Why Employees Don’t Use Dashboards Even When Leadership Supports Them
The question of why employees don’t use dashboards usually has specific operational answers. In some cases, the data is accurate but arrives too late to shape a decision. In other cases, sales, finance, and operations define the same metric differently, which makes the dashboard difficult to use in cross-functional discussions. Sometimes a dashboard shows a problem clearly but offers too little context for a manager to decide what to do next.
Leadership behavior also plays a major role. For example, if executives praise analytics while still asking for offline spreadsheets and manually assembled slide decks, the organization learns very quickly that the official dashboard is optional.
This is where enterprise software consulting can add value beyond platform selection. The best advisors help organizations decide which decisions should be supported in the analytics layer, which should remain embedded in ERP workflows, and what level of data governance is required for adoption to hold.
What Executives Should Do Differently
Executives usually get better results when they treat adoption as a people, process, and data issue rather than a dashboard design issue.
A few actions usually matter most:
- Define which roles are expected to use analytics and for which decisions.
- Tie each dashboard to a recurring business action such as forecast review, inventory rebalancing, or margin analysis.
- Identify the ERP and operational data that must be reliable for users to trust the output.

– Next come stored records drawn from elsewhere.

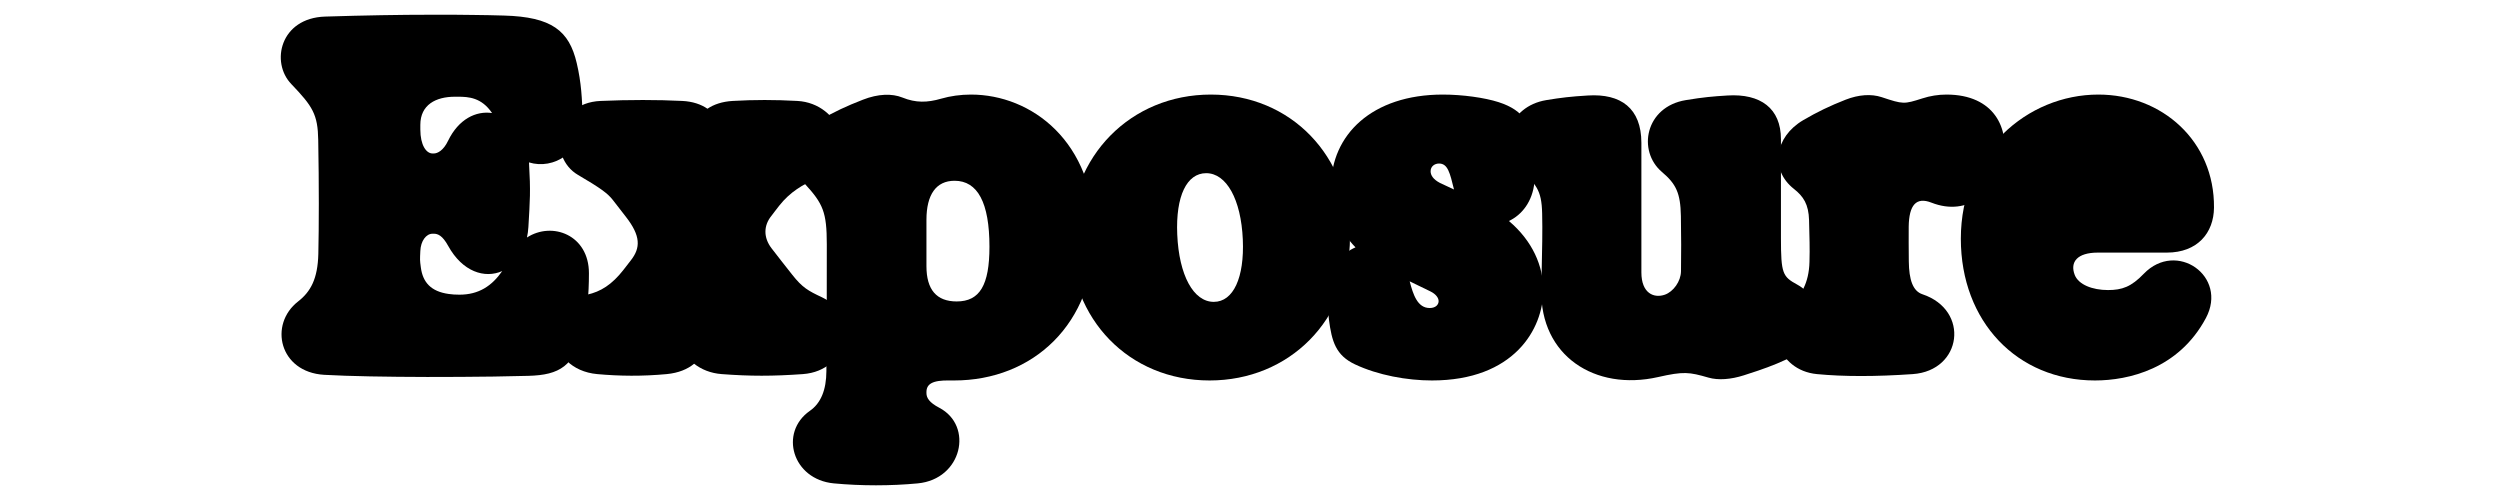 <?xml version="1.0" encoding="UTF-8" standalone="no"?>
<!DOCTYPE svg PUBLIC "-//W3C//DTD SVG 1.1//EN" "http://www.w3.org/Graphics/SVG/1.1/DTD/svg11.dtd">
<svg width="100%" height="100%" viewBox="0 0 5000 1000" version="1.1" xmlns="http://www.w3.org/2000/svg" xmlns:xlink="http://www.w3.org/1999/xlink" xml:space="preserve" xmlns:serif="http://www.serif.com/" style="fill-rule:evenodd;clip-rule:evenodd;stroke-linejoin:round;stroke-miterlimit:2;">
    <g transform="matrix(1,0,0,1,595.204,685.194)">
        <path d="M461.574,66.496C523.966,64.854 553.93,46.999 570.76,-24.423C579.174,-60.544 582.663,-95.024 582.663,-138.739C582.663,-215.497 508.984,-242.793 458.701,-210.161C460.138,-216.729 461.164,-223.707 461.574,-231.095C464.653,-284.867 466.295,-300.67 462.806,-360.393C511.652,-345.206 571.58,-379.891 569.939,-451.518C569.118,-485.792 567.476,-520.272 558.24,-559.061C543.053,-623.71 508.573,-651.417 412.728,-654.085C392.82,-654.701 371.886,-655.111 350.132,-655.316C324.067,-655.727 296.565,-655.932 267.422,-655.727C204.825,-655.727 134.429,-654.496 55.003,-652.033C-34.685,-649.159 -54.593,-560.703 -12.519,-516.988C30.17,-472.452 40.431,-456.443 41.252,-405.135C42.894,-315.241 42.689,-232.121 41.458,-177.323C40.226,-127.451 26.065,-101.797 1.026,-82.299C-58.082,-36.327 -36.737,59.108 53.156,64.444C103.028,67.317 179.991,68.549 259.212,68.754C304.159,68.754 349.721,68.549 391.589,67.933C416.423,67.522 440.23,67.112 461.574,66.496ZM245.461,-183.275C246.282,-203.388 257.16,-217.755 269.884,-217.755L272.347,-217.755C280.557,-217.755 289.792,-214.06 301.08,-193.537C329.813,-141.407 374.349,-127.656 409.239,-143.049C388.511,-113.29 362.446,-95.845 323.656,-95.845C315.857,-95.845 308.674,-96.255 302.106,-97.282C266.601,-102.207 250.387,-120.678 246.488,-150.232C244.435,-165.42 244.641,-165.214 245.461,-183.275ZM245.461,-426.274L245.461,-435.509C245.461,-475.736 276.657,-491.744 314.421,-491.744L320.372,-491.744C341.922,-491.744 367.782,-490.307 388.921,-459.111C356.904,-463.832 322.014,-447.208 300.875,-403.493C291.639,-384.201 279.941,-378.249 272.347,-378.249L269.884,-378.249C257.16,-378.249 245.461,-395.078 245.461,-426.274Z" style="fill-rule:nonzero;"/>
        <path d="M599.289,63.007C644.236,67.112 689.798,67.522 738.234,63.007C761.836,60.75 779.896,53.156 793.032,42.278C807.398,53.566 826.074,61.365 848.24,63.007C904.885,67.317 950.447,67.317 1010.58,63.007C1103.76,56.234 1123.87,-55.414 1048.55,-90.714C1021.46,-103.439 1009.56,-109.801 988.826,-136.276C977.743,-150.438 957.015,-176.502 947.574,-189.022C931.976,-209.751 931.36,-233.558 947.779,-253.671C951.473,-258.391 957.425,-266.601 963.377,-273.989C985.337,-301.696 1009.97,-315.652 1039.31,-328.992C1127.98,-369.629 1086.11,-478.609 999.498,-483.329C954.141,-485.792 913.505,-485.792 870.2,-483.329C849.266,-482.098 832.437,-476.351 819.712,-467.731C806.782,-476.556 790.158,-482.303 769.224,-483.329C719.557,-485.792 663.323,-485.792 606.062,-483.329C512.064,-479.225 500.982,-370.45 560.5,-335.56C605.241,-309.29 619.813,-298.823 630.28,-285.482C639.516,-273.784 645.673,-265.575 656.55,-251.619C686.309,-213.445 686.309,-189.637 666.401,-164.394C659.834,-156.184 657.371,-152.695 652.24,-146.128C628.638,-115.753 606.062,-101.797 578.971,-95.845C482.716,-74.911 496.056,53.566 599.289,63.007Z" style="fill-rule:nonzero;"/>
        <path d="M1072.56,281.583C1127.36,286.714 1186.26,286.714 1240.24,281.583C1329.11,273.168 1352.3,166.446 1283.34,130.324C1263.23,119.857 1257.69,110.417 1257.69,100.976L1257.69,99.129C1257.69,83.326 1268.56,74.911 1304.68,75.732L1313.1,75.732C1470.31,75.732 1593.86,-36.942 1593.86,-216.934C1593.86,-401.851 1467.85,-496.054 1346.76,-496.054C1325.82,-496.054 1305.51,-493.181 1287.04,-487.844C1259.53,-479.84 1236.55,-479.225 1209.66,-490.102C1188.73,-498.517 1161.02,-497.696 1130.65,-485.792C1097.81,-473.067 1073.59,-461.78 1043.83,-444.54C991.906,-414.37 978.361,-356.904 1014.69,-317.294C1050.81,-277.889 1058.4,-261.059 1058.4,-196.615C1058.4,-81.889 1058.4,-72.859 1057.58,57.261C1057.38,94.408 1046.7,121.089 1024.54,136.482C962.558,179.786 989.444,273.784 1072.56,281.583ZM1257.69,-152.9L1257.69,-245.461C1257.69,-295.949 1276.98,-323.656 1313.92,-323.656C1360.1,-323.656 1383.7,-279.941 1383.7,-191.69C1383.7,-115.137 1364.41,-82.299 1318.23,-82.299C1277.8,-82.299 1257.69,-105.901 1257.69,-152.9Z" style="fill-rule:nonzero;"/>
        <path d="M1823.93,75.732C1983.61,75.732 2104.7,-45.357 2104.7,-210.161C2104.7,-372.502 1987.1,-496.054 1826.39,-496.054C1666.72,-496.054 1544.81,-373.323 1544.81,-209.34C1544.81,-46.999 1662.62,75.732 1823.93,75.732ZM1759.28,-216.318C1756,-293.076 1778.37,-338.844 1817.16,-338.844C1857.59,-338.844 1886.94,-286.714 1890.43,-206.056C1893.71,-130.324 1871.75,-81.478 1832.35,-81.478C1791.71,-81.478 1762.77,-134.634 1759.28,-216.318Z" style="fill-rule:nonzero;"/>
        <path d="M2268.68,75.732C2432.46,75.732 2491.36,-26.886 2491.36,-105.08C2491.36,-152.9 2470.01,-203.183 2422.61,-243.204C2448.67,-255.518 2470.01,-282.199 2473.71,-321.193C2475.35,-339.665 2475.35,-359.778 2473.71,-380.712C2469.61,-434.688 2453.6,-464.242 2402.08,-480.866C2374.17,-489.897 2329.63,-496.054 2290.43,-496.054C2148.41,-496.054 2066.93,-415.191 2066.93,-311.958C2066.93,-264.754 2083.35,-223.912 2115.78,-190.458C2088.69,-178.965 2066.32,-152.285 2062.62,-112.674C2060.16,-86.609 2060.16,-65.47 2062.62,-46.383C2068.37,-1.847 2076.58,25.449 2114.75,43.51C2160.73,65.265 2219.01,75.732 2268.68,75.732ZM2224.14,-122.526C2236.46,-116.574 2249.8,-110.006 2265.19,-102.618C2277.09,-96.871 2282.02,-89.072 2282.02,-82.915C2282.02,-76.348 2276.68,-69.164 2264.16,-69.164C2239.74,-69.164 2231.12,-96.05 2224.14,-122.526ZM2266.01,-342.743C2266.01,-352.389 2274.02,-358.136 2282.84,-358.136C2300.49,-358.136 2304.6,-339.459 2312.8,-306.211C2304.18,-310.316 2294.95,-314.626 2284.69,-319.346C2270.94,-326.529 2266.01,-334.944 2266.01,-342.743Z" style="fill-rule:nonzero;"/>
        <path d="M2892.39,65.47C2931.59,52.951 2952.32,45.357 2977.56,33.659C3053.09,-1.642 3054.94,-85.788 2999.32,-115.958C2969.97,-131.966 2966.69,-137.918 2966.69,-209.34L2966.69,-406.776C2966.69,-468.552 2925.85,-498.311 2859.76,-494.207C2830.2,-492.36 2812.55,-490.923 2776.43,-484.971C2695.16,-471.631 2679.15,-383.38 2728.61,-341.306C2756.94,-317.294 2765.76,-299.233 2766.58,-253.055C2767.2,-207.698 2767.4,-182.865 2766.79,-142.844C2766.58,-122.32 2751.39,-101.797 2734.57,-95.845C2712.81,-88.251 2687.57,-98.308 2687.57,-140.381L2687.57,-399.388C2687.57,-468.963 2646.31,-498.311 2580.64,-494.207C2546.16,-492.154 2527.28,-489.897 2497.31,-484.971C2420.97,-472.247 2398.39,-391.589 2441.28,-350.542C2476.79,-316.473 2488.08,-306.622 2489.1,-257.981C2489.93,-219.191 2489.31,-201.336 2487.46,-105.08C2485,26.065 2594.39,97.487 2720.81,68.959C2772.33,57.261 2783,58.903 2821.59,69.985C2841.29,75.732 2866.74,73.679 2892.39,65.47Z" style="fill-rule:nonzero;"/>
        <path d="M3038.73,63.007C3091.88,68.138 3156.74,68.138 3230.42,63.007C3329.13,56.029 3344.94,-64.854 3249.71,-96.666C3230.42,-103.028 3222.82,-125.809 3222.41,-162.341C3222.21,-184.917 3222,-216.113 3222.21,-231.916C3222.82,-275.221 3237.19,-291.845 3267.56,-279.941C3417.8,-221.038 3490.24,-496.054 3297.73,-496.054C3281.31,-496.054 3264.89,-493.386 3249.71,-488.46C3212.36,-476.556 3211.33,-476.556 3168.02,-490.923C3147.3,-497.696 3122.26,-496.054 3095.99,-485.792C3064.59,-473.478 3039.75,-461.574 3011.02,-444.745C2953.96,-411.086 2943.91,-345.822 2992.55,-307.443C3011.64,-292.46 3022.1,-276.657 3022.92,-244.641C3023.74,-207.698 3024.57,-190.869 3023.74,-161.315C3022.72,-118.01 3005.27,-92.561 2990.09,-81.478C2930.36,-37.763 2958.27,55.414 3038.73,63.007Z" style="fill-rule:nonzero;"/>
        <path d="M3594.71,75.732C3662.23,75.732 3762.39,52.335 3816.57,-49.051C3861.31,-132.787 3757.67,-205.235 3692.4,-137.713C3667.36,-111.648 3649.1,-105.08 3620.78,-105.08C3589.58,-105.08 3561.87,-115.958 3554.28,-135.25C3544.22,-161.315 3559.41,-179.991 3600.46,-179.991L3738.38,-179.991C3799.95,-179.991 3832.37,-219.602 3832.78,-269.884C3834.01,-403.082 3728.73,-496.054 3601.48,-496.054C3459.26,-496.054 3326.47,-381.738 3326.47,-207.698C3326.47,-42.073 3439.14,75.732 3594.71,75.732Z" style="fill-rule:nonzero;"/>
    </g>
</svg>

- Reinforce dashboard use in actual management meetings, not just in project communications.
Learn More About How to Drive Advanced Analytics Adoption
Advanced analytics user adoption improves when leadership treats it as a business discipline tied to decision ownership, workflow design, and data trust rather than as a reporting project alone.
At Panorama, we help organizations evaluate these issues independently so ERP software decisions are grounded in operational reality rather than vendor pressure. Contact an ERP system consultant to discuss how to drive advanced analytics adoption across your organization.
FAQs About How to Drive Advanced Analytics Adoption
What Should Executives Evaluate Before Buying An Advanced Analytics ERP System?
Executives should evaluate which business decisions the ERP system will support, what data it depends on, and which leaders will own the metrics. The right fit is usually the system that aligns with real workflows, trusted ERP data, and the pace of decisions across functions rather than the one with the most impressive demo.
When Should A Company Bring In An ERP Or Analytics Advisor?
A company should consider outside help when analytics depends heavily on ERP data, when dashboard usage is already inconsistent, or when ERP software selection is becoming tied to broader process redesign. This is often the point where an independent ERP advisor can help leadership separate business requirements from vendor messaging.
How Do You Improve Employee Adoption Of Analytics Tools After Go-Live?
Post-go-live improvement usually starts with role-specific expectations, stronger data ownership, and tighter alignment between analytics and day-to-day decisions. Adoption gets stronger when managers can use the tool to solve a real problem faster, whether that means adjusting a forecast, managing inventory risk, or reviewing margin performance.
Why Do Analytics Projects Underperform Even With Executive Support?
They often underperform when executive support stays at the messaging level and does not become operating discipline. If leaders continue to rely on spreadsheets, tolerate conflicting definitions, or avoid using dashboards in decision meetings, employees quickly conclude that analytics is helpful to discuss but optional to use.
What Is The Link Between ERP Modernization And Advanced Analytics User Adoption?
ERP modernization matters because many analytics environments rely on ERP transaction data, master data, and workflow timing. When ERP processes are inconsistent, analytics trust weakens. When ERP data is cleaner and business rules are more disciplined, advanced analytics user adoption becomes easier to scale across the organization.